→ What to do
Transcribe, without alteration, the line that includes "Q: Is the text underlined? A: No." and each line after it until the records end, omitting all that precede it.

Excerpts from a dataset
..........
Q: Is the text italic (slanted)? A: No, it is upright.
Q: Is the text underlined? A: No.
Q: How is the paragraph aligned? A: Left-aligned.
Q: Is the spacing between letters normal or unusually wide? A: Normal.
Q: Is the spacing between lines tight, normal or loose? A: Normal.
..........
→ Answer for the task
Q: Is the text underlined? A: No.
Q: How is the paragraph aligned? A: Left-aligned.
Q: Is the spacing between letters normal or unusually wide? A: Normal.
Q: Is the spacing between lines tight, normal or loose? A: Normal.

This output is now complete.